Dameware vs BeyondTrust
Although it includes a remote access module, the main thrust of the BeyondTrust system is to secure widely spread networks. The system includes vulnerability management and threat detection. The Remote Support module competes directly with Dameware.
The software for this system can be bought separately from the wider BeyondTrust system. It is actually more expensive than Dameware Remote Support, so you really need to assess this system well before deciding to pay that higher price.
You can get this system on-premises or as a cloud-based service. On-premises, the service runs on its own appliance or you can run it on top of a virtualization set up by vSphere and Hyper-V, or you can install it on your own Cloud servers running Azure, or AWS.
If you opt for your own on-premises installation, you can set the system up as an internet-connected server, making the control console available to your technicians through any device or browser. Supported endpoints for BeyondTrust include Windows, Linux, and Mac OS. It can also remotely control Android and iOS devices and a number of different IoT gadgets including cameras.

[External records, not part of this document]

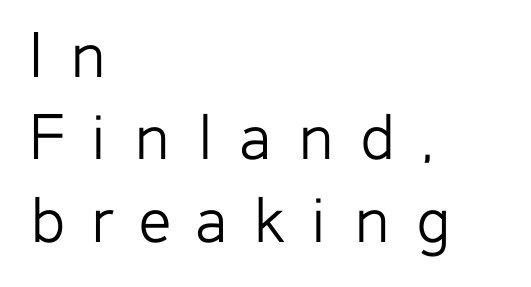
Glyph-to-glyph distance is far greater than everyday printed text. Observe the absence of serifs on each vertical stroke in this sample. These lines are set flush left with a ragged right edge. Letters rest on an invisible, unmarked baseline. The letters look calm and open, with moderate or lighter stems. Proportional: the letters do not fall into vertical columns.
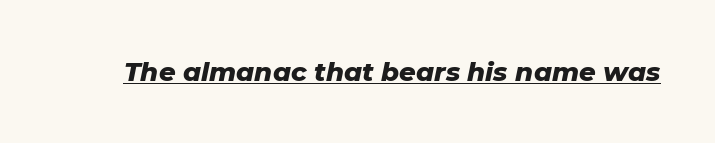
Q: Is the text bold? A: Yes.
Q: Is the text italic (slanted)? A: Yes, it leans right by about 11 degrees.
Q: Is the text underlined? A: Yes.
Q: Is the spacing between letters normal or unusually wide? A: Normal.
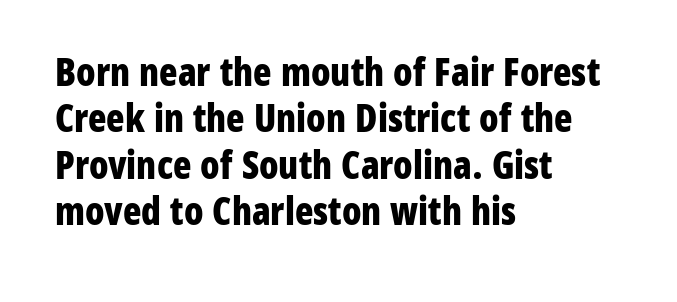
The compositor pushed each line to the left boundary. Beneath every word, the page is bare. What weight is shown? A full bold with thick strokes. The characters display no serif detailing; their extremities are plain. Tall strokes in this sample are plumb rather than angled. Here the designer chose a conventional face with non-uniform glyph widths.
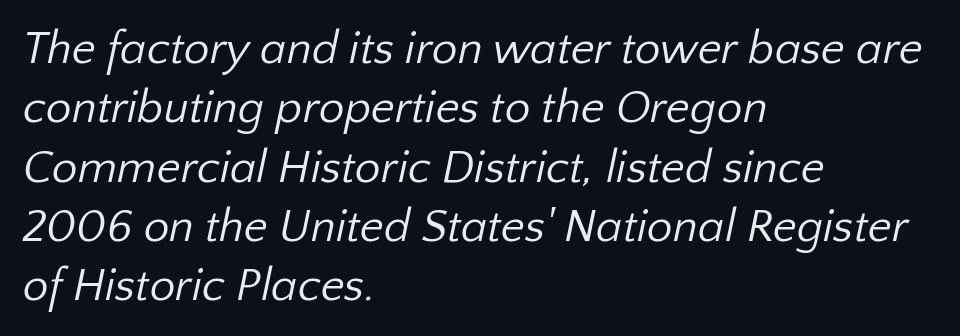
Q: Is the text bold? A: No.
Q: Is the typeface a serif or a sans-serif typeface? A: Sans-serif.
Q: Is the text underlined? A: No.
Q: How is the paragraph aligned? A: Left-aligned.
Q: Is the spacing between letters normal or unusually wide? A: Normal.
Q: Is the spacing between lines tight, normal or loose? A: Normal.
Q: Width (condensed, normal, or wide)? A: Normal.
Q: Stroke contrast? A: Low.
Q: x-height? A: Medium.
Q: Monospaced? A: No.
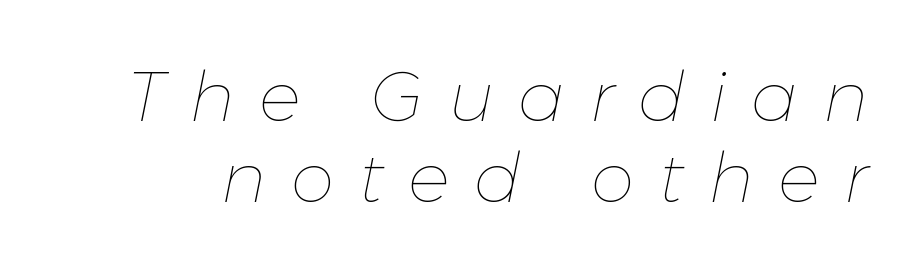
{"italic": "yes", "lean": "right", "slant_degrees": 11, "bold": "no", "weight": "thin", "width": "normal", "stroke_contrast": "low", "x_height": "medium", "monospaced": "no", "underline": "no", "line_spacing_ratio": 1.16, "letter_spacing": "wide", "letter_spacing_em": 0.35, "glyph_px": 70}

The camera control function provides a number of interesting possibilities that go beyond remote support. It would enable you to access the cameras of mobile devices of field operatives to conference your own live video channel. This would enable a team of consultants spread over global locations to view an event, site, or lecture.
Dameware’s market niche
Dameware fits well in the middle of the RMM market. That is, this is a good choice for mid-size to large companies operating support across multiple sites. The combination with Web Help Desk completes the picture and enables Dameware to provide a complete technical support management system.
MSPs could use Dameware, but probably the SolarWinds RMM system, which is integrated into SolarWinds MSP would be the best option for very large MSPs. N-Central also would attract MSPs and probably has a slight edge in this market over Dameware.
Sole operators working as independent support consultants would probably be better off using the lower-budget Teamviewer or AnyDesk. The free option of OpenRMS might tempt independent operators. However, its unsupported enthusiast-developed code would be better as an option for a large corporation looking for base software to customize.
Dameware Mini Remote Control will provide you will all of the utilities needed to connect to buyers of software packages that are experiencing installation or performance problems. The top Dameware Remote Support package would be a better option for companies that need a facility to support their own users.
Dameware is definitely an RMM package that we would recommend and its no-cost 14-day trial offer is well worth checking out.